Need to paint my soldiers.

I have returned to earth after some months of all-things-wargames-all-the-time. I have learned much about Roman, feudal, and 18C and 19C warfare. Perhaps not enough to author a Buffer's Guide but enough to ask respectable initial and followup questions. But what I have not yet done is actually play a game! My Bacuss Saxons and a Vikings are still unpainted. I do not have a game table. I haven't tracked down local DBA wargamers. So over the coming weeks I intended to paint my toy soldier: that is, after helping with kids projects, house projects, garden projects, etc. Wish me luck.

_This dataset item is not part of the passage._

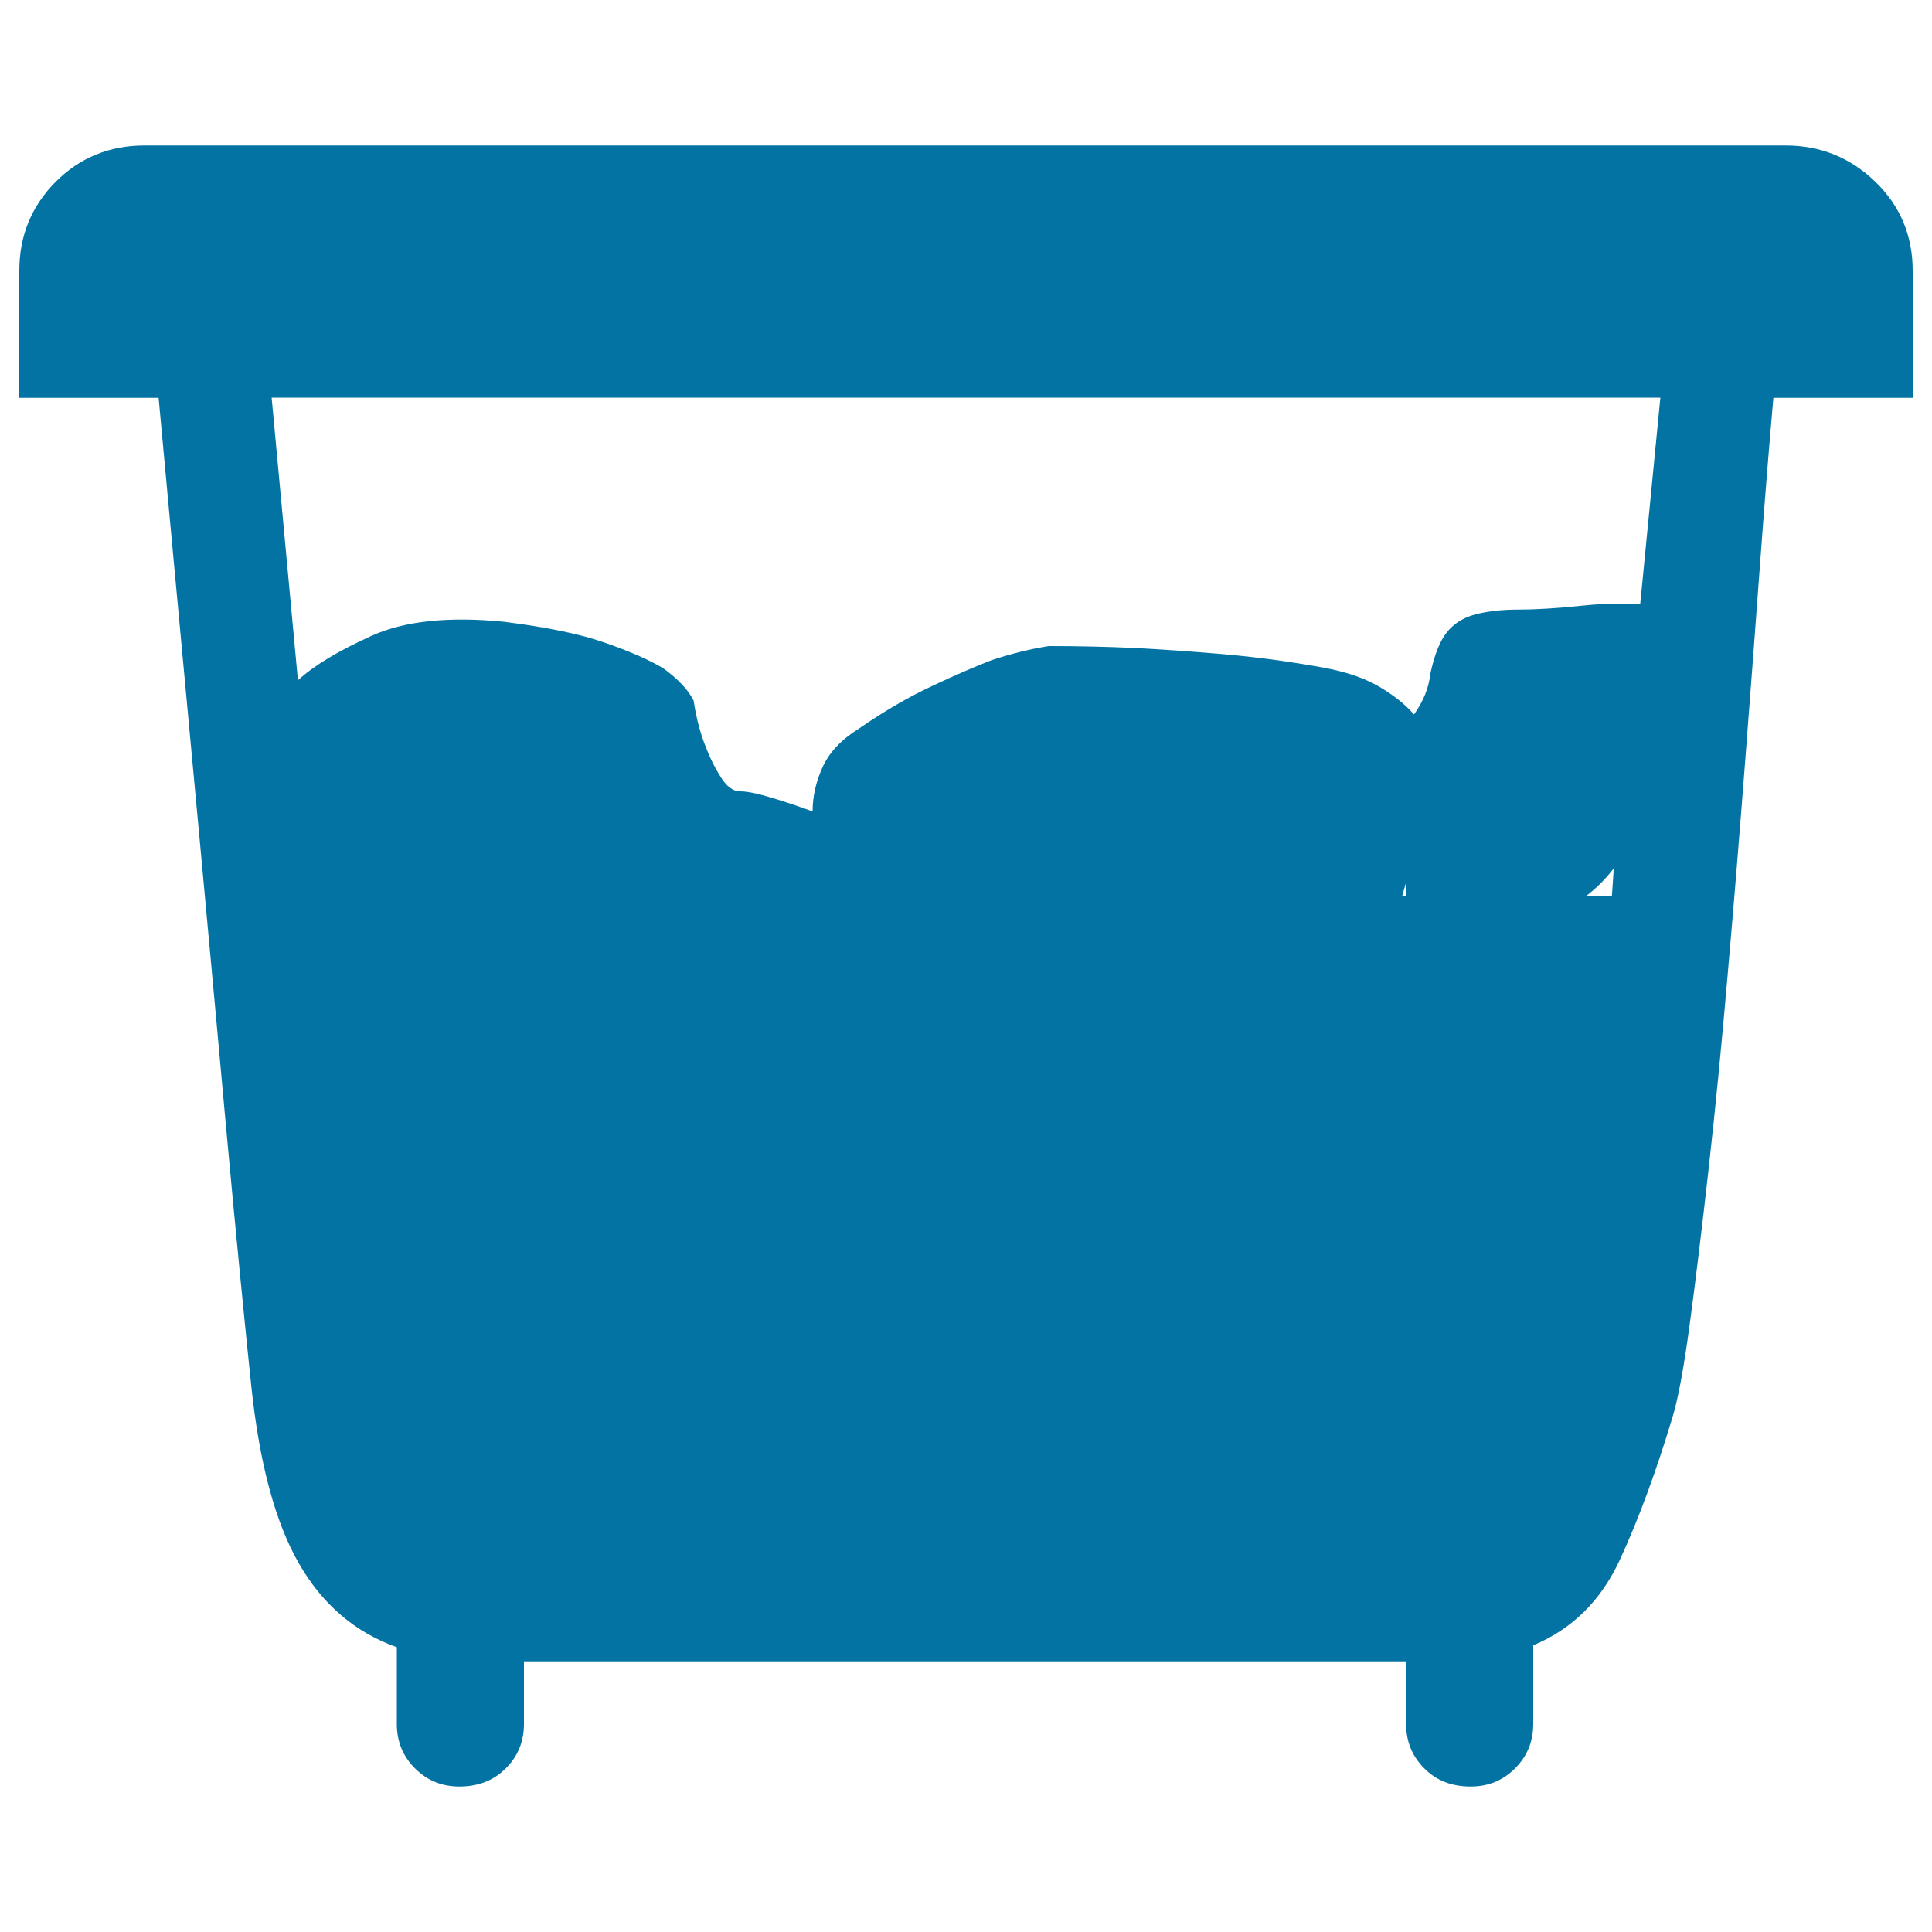 <svg xmlns="http://www.w3.org/2000/svg" viewBox="0 0 1000 1000" style="fill:#0273a2">
<title>Storage SVG icon</title>
<path d="M924.2,75.3c18.1,0,33.6,6.3,46.5,18.8c12.9,12.5,19.3,27.9,19.3,46v65.8h-72.1c-2.1,23.7-4.4,51.9-6.8,84.6c-2.4,32.7-5,67.2-7.8,103.4c-2.8,36.2-5.7,72.4-8.9,108.7c-3.1,36.2-6.4,70-9.9,101.3c-3.5,31.3-6.8,58.5-9.9,81.5c-3.1,23-6.1,39-8.9,48.1c-8.4,27.9-17.4,52.4-27.2,73.7c-9.8,21.2-24.7,36-44.9,44.4v40.7c0,9.1-3.1,16.7-9.4,23c-6.3,6.3-13.9,9.4-23,9.4c-9.8,0-17.8-3.1-24-9.4c-6.3-6.3-9.4-13.9-9.4-23v-32.4H271.2v32.4c0,9.1-3.1,16.7-9.4,23c-6.3,6.3-14.3,9.4-24,9.4c-9.1,0-16.7-3.1-23-9.4c-6.3-6.3-9.4-13.9-9.4-23v-39.7c-21.6-7.7-38.5-22.1-50.7-43.4c-12.2-21.2-20.4-51.7-24.6-91.4c-1.4-13.2-3.3-32-5.7-56.4c-2.4-24.4-5-51.9-7.8-82.5c-2.8-30.6-5.7-63-8.9-97.2c-3.1-34.1-6.3-67.9-9.4-101.3s-6.1-65.3-8.9-95.6c-2.8-30.3-5.2-56.6-7.3-78.9H10v-65.8c0-18.1,6.3-33.4,18.8-46c12.5-12.5,27.9-18.8,46-18.8L924.2,75.3L924.2,75.3z M542.8,334.4c14.6,0,29.6,0.3,44.9,1c13.2,0.7,28,1.7,44.4,3.1c16.4,1.4,32.6,3.5,48.6,6.3c13.2,2.1,23.9,5.4,31.9,9.9c8,4.5,14.5,9.6,19.3,15.1c4.9-7,7.7-13.9,8.4-20.9c2.1-9.8,4.9-16.9,8.4-21.4s8.4-7.7,14.6-9.4c6.3-1.7,13.9-2.6,23-2.6c9.1,0,20.2-0.7,33.4-2.1c7-0.7,12.9-1,17.8-1H849l10.4-106.6H140.6l13.6,146.3c8.4-7.7,21.1-15.3,38.1-23s39.9-10.1,68.4-7.3c22.3,2.8,39.9,6.4,52.8,11c12.9,4.5,22.8,8.9,29.8,13.1c7.7,5.6,12.9,11.1,15.7,16.7c1.4,9.1,3.5,17.1,6.3,24c2.1,5.6,4.7,10.8,7.8,15.7c3.1,4.9,6.4,7.3,9.9,7.3c3.5,0,8.7,1,15.7,3.1c7,2.1,14.3,4.5,21.9,7.3c0-7.7,1.7-15.3,5.2-23s9.8-14.3,18.8-19.9c13.2-9.1,25.8-16.4,37.6-21.9c11.8-5.6,22.3-10.1,31.3-13.6C524,338.2,533.8,335.8,542.8,334.4L542.8,334.4z M727.8,464v-7.3l-2.1,7.3H727.8z M834.3,464l1-14.6c-4.2,5.6-9.1,10.4-14.6,14.6H834.3z"/>
</svg>

Library catalog, data: URIs, & bookmarklets

My public library, and, I expect, so does your's, uses Innovative Interfaces catalog tools. This web application is the poster child for poor user interface and user experience. It is not my objective to enumerate the problems. Instead, I discovered a useful mechanism of getting around the problem I have with remembering my library card's barcode. (Why on earth do the designers of this software expect me to remember my barcode is unfathomable.)

My original solution was to embed the barcode in a URL that mimicked the web application's form-based login. This URL was then bookmarked to allow for immediate access. This worked for a good number of years until the catalog software was updated. At which point the URL broke and I was unable to reproduce this solution using the updated software. (The obstacle seemed to be the need for a session identification that I could not contrive.) And so I needed a different approach.

The approach I took was to be able to show the barcode when I used the catalog. Having an absolute DIV positioned at the bottom the browser's window is easy to do with CSS. The problem was that to do this I needed to dynamically alter the catalog's HTML. I really did not want to install GreaseMonkey to accomplish this. The next best solution was to have a standalone page with an embedded IFRAME. This give me full control over what was on the page. The HTML is

<html>
    <head>
        <title>South Kingstown Library Catalog</title>
        <style>
            * {
                margin: 0;
                padding: 0;
                border: 0;
            }
            #tab {
                font-family: Verdana;
                position: fixed;
                bottom: 0px;
                right: 4ex;
                padding: 2ex;
                border-top-left-radius: 1ex;
                border-top-right-radius: 1ex;
                color: white;
                background: gray;
            }
        </style>
    </head>
    <body>
        <div id="tab">
        barcode: 123456789
        </div>
        <iframe
            src="https://catalog.oslri.net/search/"
            width="100%"
            height="100%"
            scroll="auto"
            marginheight="0"
            marginwidth="0"></iframe>
    </body>
</html>

I didn't like having to store this page as a file on my local machine and storing it on a HTTP server seemed overkill. Clearly, I was over thinking, but this is what I do for my day job. It then occurred to me that I could encode the page as a data URI and, I hoped, that when I used this URI the browser would render the encoded page. I used David Wilkinson's data: URI creation tool to create the URI. And, to my wonderment, Safari, FireFox, and Chrome (all on OS X) did exactly as hoped for.   
What this means is that my future bookmarklets can more sophisticated then I ever considered practical before. Perhaps you can use this discovery too.